Tell people what you’re doing before you do it. You treat them with normal respect. I wouldn’t dream of treating a child the way they treat you. And if you want people to do something, well they could ask me. Can you bend sideways, to your left side? Can you bend forward? How far can you bend? And they might want to ask you can you bend more. They can ask you whatever questions they like or ask you to do whatever they want you to do and you are a normal human being you’ll tell them if you can do it or not. But as for putting their hands on you and shoving you which is what they do without even asking you, it just infuriates me. I don’t think I’d let anybody do that again. I mean I’d speak to them and tell them.
But then you’re going to make yourself very unpopular and they’re going to write, they’re going to say this is a difficult woman when they write to your doctors and so on. There shouldn’t be personal comments on doctor’s letters to your GPs.
So that would be your concern?
Well yes they could describe you as a difficult woman or unpleasant, But no I wouldn’t let anybody shove me about again.
Only Noreen said that she had regular, ongoing contact with an osteoporosis specialist nurse. Noreen felt confident in the nurse who encouraged her to phone whenever she needed to. Many of the people we talked to said they would like the opportunity to talk to a specialist nurse.
Widow, two children, lives on her own in a small rural community. She enjoys the support of neighbours and friends. Noreen recommends Kyphoplasty, it has reduced her level of pain.
And how often do you go and see the consultant at the hospital?
Well I haven’t got another appointment for him, but I could see him, in fact, he’s retired which I’m really sorry about that, but there is, you know, another one, but I do see my osteoporosis nurse usually on the ward every three months, and she really knows, I mean my, the consultant said when the osteoporosis nurse was in the room and she was talking to me, and he looked at me and said, “She knows more than me.” [laughs]. So they certainly give you confidence. They really are good.
Can you tell me more about it?
My first appointment there, it was really very good. I didn’t have to wait too long for it, and my osteo nurse was, she came out for me, filled a little form in to let them know what I was taking and then she was in the room, and he introduced himself, in his shirt sleeves, he was really lovely, and then I explained to him, and then he looked on the screen, and he said, “Well look, that’s your bone. Its broken.” I think before that he said, “Stand up and show me where the pain is.” And the, the nurse said to me, and they looked at each other, and they said, that I was a textbook case. And she said, “Is it agony like, when you’re like bending over the bench to make something. You know, over the ironing board.” And I had been afraid to tell people that, because I thought they’d think, for goodness sake, you know, little jobs like that, what’s she moaning about?

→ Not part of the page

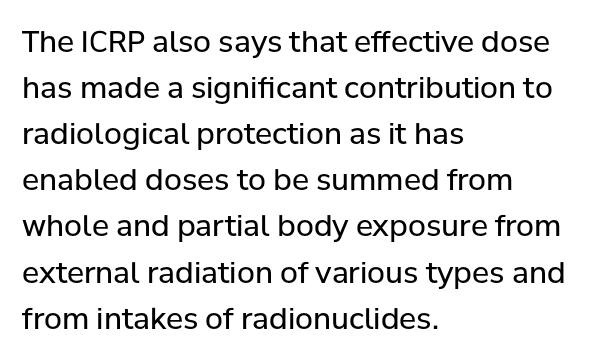
The image shows 29 px regular-weight sans-serif type, upright; set left-aligned, normal line spacing (1.59x), normal letter spacing, not underlined; low stroke contrast and a medium x-height.

But that is when you just do that little bend, you know, the nerve endings were going mad.
And so, we talked about that and then he explained about, I mean he didn’t know an awful lot about kyphoplasty either really, so he would like to refer me, if that was all right and I said, “Yes.” And then the osteo nurse took me into her room. I said goodbye to him, and then I went into there and then she went through, and she gave me lots of leaflets, explained them to me. And was just wonderful really.